### [The records]

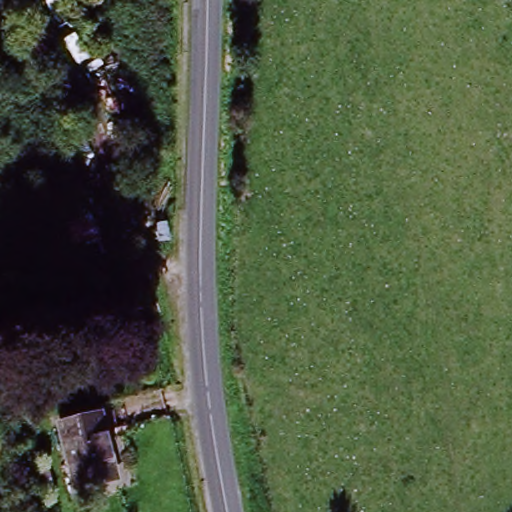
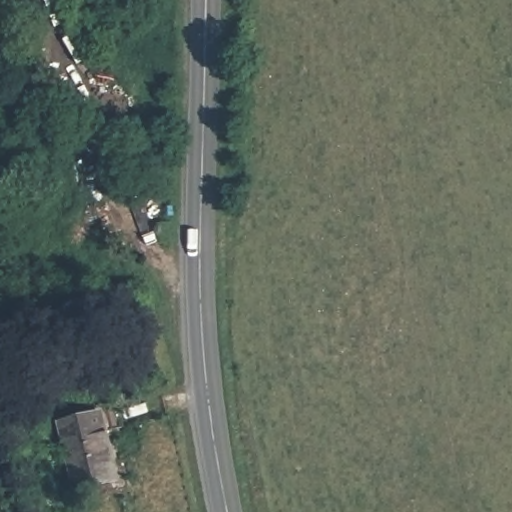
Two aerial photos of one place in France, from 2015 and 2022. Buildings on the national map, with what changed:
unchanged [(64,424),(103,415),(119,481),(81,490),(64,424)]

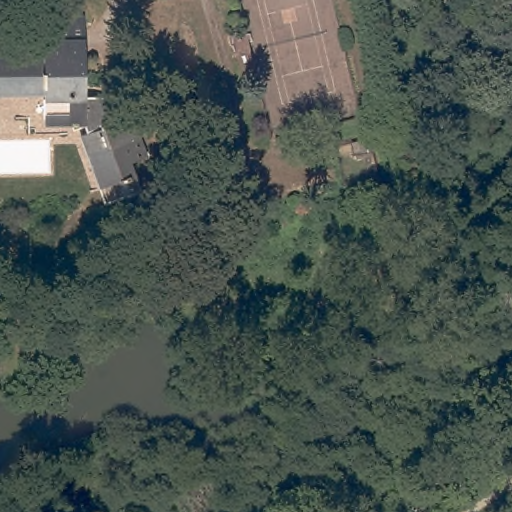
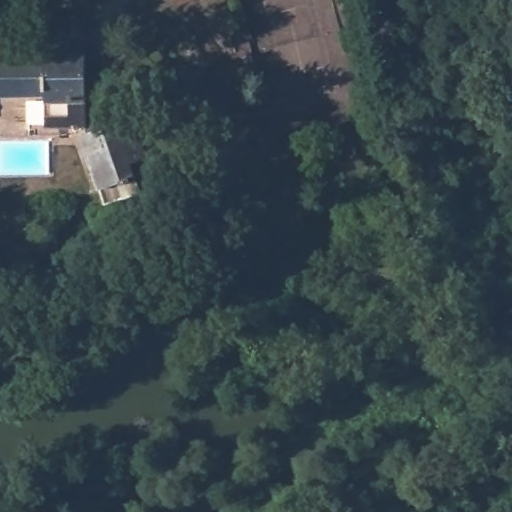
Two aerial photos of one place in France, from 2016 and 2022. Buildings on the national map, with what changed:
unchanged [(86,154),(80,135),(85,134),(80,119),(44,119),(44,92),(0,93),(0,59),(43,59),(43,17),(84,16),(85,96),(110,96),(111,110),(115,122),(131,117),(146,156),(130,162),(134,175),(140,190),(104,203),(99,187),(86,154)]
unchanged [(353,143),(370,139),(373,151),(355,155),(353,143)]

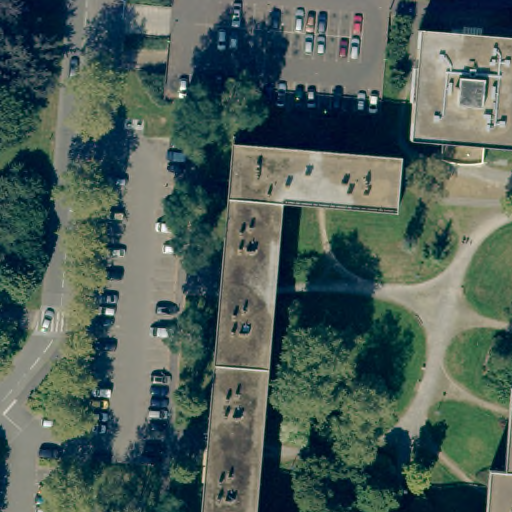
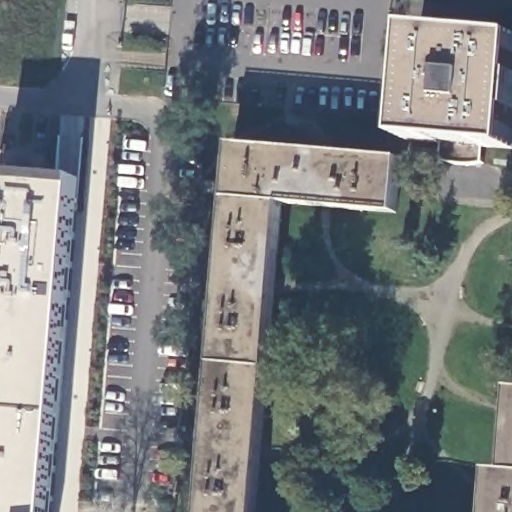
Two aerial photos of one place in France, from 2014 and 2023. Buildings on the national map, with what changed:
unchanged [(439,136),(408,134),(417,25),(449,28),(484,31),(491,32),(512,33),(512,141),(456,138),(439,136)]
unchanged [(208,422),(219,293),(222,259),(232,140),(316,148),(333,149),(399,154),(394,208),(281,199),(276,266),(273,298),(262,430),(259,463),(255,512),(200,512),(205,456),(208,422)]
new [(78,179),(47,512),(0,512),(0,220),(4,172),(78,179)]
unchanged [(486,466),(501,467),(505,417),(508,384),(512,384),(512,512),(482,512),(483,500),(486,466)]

### [What to do]
The goal is an exact reprint of the entries, leaving out the pictures.

### [Response box]
Two aerial photos of one place in France, from 2015 and 2022. Buildings on the national map, with what changed:
unchanged [(64,424),(103,415),(119,481),(81,490),(64,424)]

Two aerial photos of one place in France, from 2016 and 2022. Buildings on the national map, with what changed:
unchanged [(86,154),(80,135),(85,134),(80,119),(44,119),(44,92),(0,93),(0,59),(43,59),(43,17),(84,16),(85,96),(110,96),(111,110),(115,122),(131,117),(146,156),(130,162),(134,175),(140,190),(104,203),(99,187),(86,154)]
unchanged [(353,143),(370,139),(373,151),(355,155),(353,143)]

Two aerial photos of one place in France, from 2014 and 2023. Buildings on the national map, with what changed:
unchanged [(439,136),(408,134),(417,25),(449,28),(484,31),(491,32),(512,33),(512,141),(456,138),(439,136)]
unchanged [(208,422),(219,293),(222,259),(232,140),(316,148),(333,149),(399,154),(394,208),(281,199),(276,266),(273,298),(262,430),(259,463),(255,512),(200,512),(205,456),(208,422)]
new [(78,179),(47,512),(0,512),(0,220),(4,172),(78,179)]
unchanged [(486,466),(501,467),(505,417),(508,384),(512,384),(512,512),(482,512),(483,500),(486,466)]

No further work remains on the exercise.